Да, я реалист. Антуан Бестселлер — писатель-реалист. Хотя установить точную дату, когда я им стал, — то есть стал реалистом, довольно трудно, чтобы не сказать невозможно. Но если бы я пожелал добросовестно ответить на вопрос инквизитора со средних волн, то вынужден был бы сказать, что скорее всего — так, во всяком случае, мне кажется, произошло это, пока я слушал Омелу… я не назвал бы ее Омелой: этому хитро глядящему на меня и, разумеется, все знающему о моей личной жизни господину известна не Омела, а Ингеборг д’Эшер. Он и сам заводит речь о ней: «Как вы можете говорить о реализме, живя с такой необыкновенной женщиной, обладающей магическим, да, именно магическим голосом?» Бесполезно возражать и втолковывать, что как раз Ингеборг д’Эшер и открыла мне чувство реальности, именно она заставила меня понять, что недопустимо писать так, будто хочешь вывести реку из русла, тем более в нынешнем мире, который стремится к собственной гибели, к крушению, да-да, к крушению, в нашем мире, в этом нашем доме, где все мы живем… постойте, это же смешно, неужели вы так и не поняли, что она себя величает именем дома, который вот-вот должен рухнуть… да не Ингеборг! Фамилия, родовое имя… хотя какой там род… Ну да, Эшер… как у Эдгара По, ну конечно, «Падение дома Эшер»… Но этого человека интересует только одно: он хочет узнать, вызнать, неужто Ингеборг сама взяла себе эту ужасную фамилию. Ах, значит, это не ее имя? Вот тупица. Как будто может быть такое имя: Ингеборг д’Эшер. Разумеется. Но тогда… как же ее зовут на самом деле? Объяснять ему, что, коль скоро она себя так называет, это и есть самое настоящее ее имя, — пустая трата времени.
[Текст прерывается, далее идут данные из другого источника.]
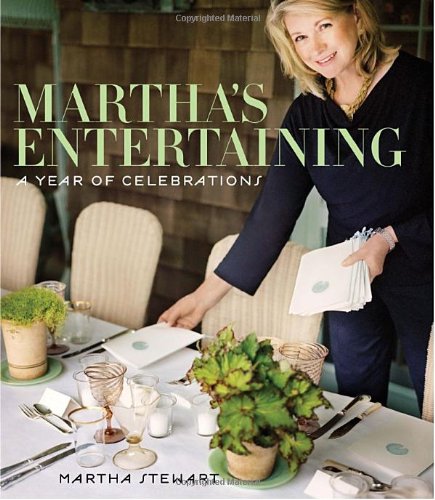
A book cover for Martha's Entertaining: A Year of Celebrations; Martha Stewart; Cookbooks, Food & Wine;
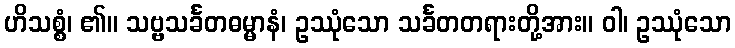
ဟိသစ္စံ၊ ၏။ သဗ္ဗသင်္ခတဓမ္မာနံ၊ ဥဿုံသော သင်္ခတတရားတို့အား။ ဝါ၊ ဥဿုံသော
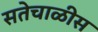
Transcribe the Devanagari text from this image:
सतेचाळीस
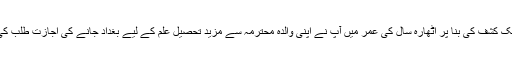
ایک کشف کی بنا پر اٹھارہ سال کی عمر میں آپ نے اپنی والدہ محترمہ سے مزید تحصیل علم کے لیے بغداد جانے کی اجازت طلب کی۔
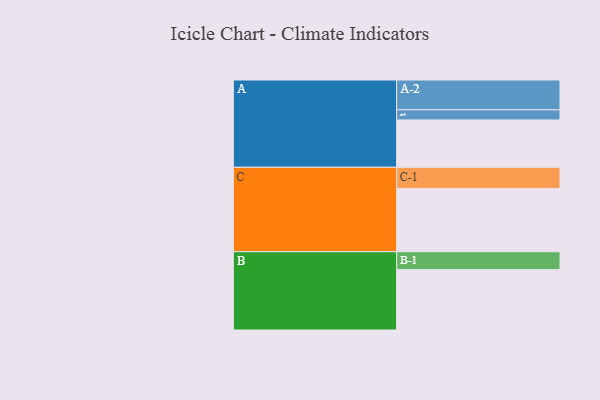
{"axis": {"x": "Segment", "y": "Value"}, "legend": ["", "A", "B", "C"], "data": [{"x": "A", "y": 378, "type": ""}, {"x": "B", "y": 482, "type": ""}, {"x": "C", "y": 505, "type": ""}, {"x": "A-1", "y": 81, "type": "A"}, {"x": "A-2", "y": 238, "type": "A"}, {"x": "B-1", "y": 143, "type": "B"}, {"x": "C-1", "y": 169, "type": "C"}]}
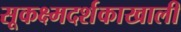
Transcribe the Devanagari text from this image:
सूकक्ष्मदर्शकाखाली
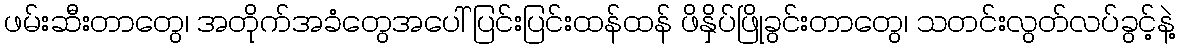
ဖမ်းဆီးတာတွေ၊ အတိုက်အခံတွေအပေါ် ပြင်းပြင်းထန်ထန် ဖိနှိပ်ဖြိုခွင်းတာတွေ၊ သတင်းလွတ်လပ်ခွင့်နဲ့
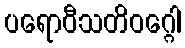
ပရောဝီသတိဝဂ္ဂေါ
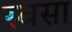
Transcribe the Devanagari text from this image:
स्वसा
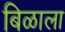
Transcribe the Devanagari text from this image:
बिळाला
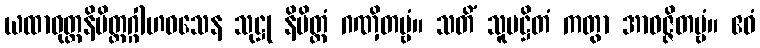
ယထာဝုတ္တနိမိတ္တဂ္ဂါဟဝသေန သုဋ္ဌု နိမိတ္တံ ဂဏှိတဗ္ဗံ။ သတိံ သူပဋ္ဌိတံ ကတွာ အာဝဇ္ဇိတဗ္ဗံ။ ဧဝံ
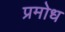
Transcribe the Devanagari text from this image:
प्रमोध
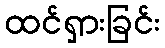
ထင်ရှားခြင်း
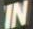
IN
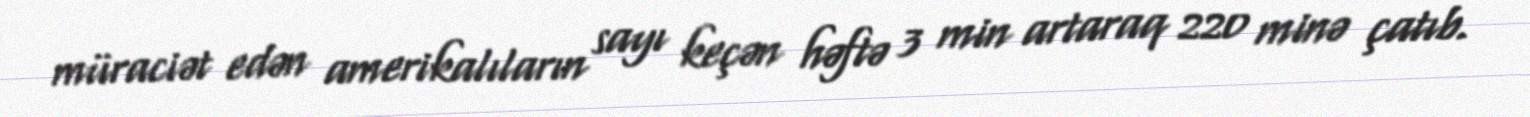
müraciət edən amerikalıların sayı keçən həftə 3 min artaraq 220 minə çatıb.
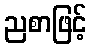
ညစာဖြင့်

Конечно, у нее было и другое: имя человека, который спал с ее матерью. Я видел его на фотографии. Похож на нее. Блондин. С бородой. Хорош собой. Во всяком случае, на мой вкус. Да, он умер. Я его не знал. И тут телетип задает вопрос, которого я не ожидал: «Ну, а к отцу, признайтесь откровенно, к отцу вы ее не ревнуете?» Вот тебе и объективная реальность. С ума сойдешь, до чего нудно быть реалистом.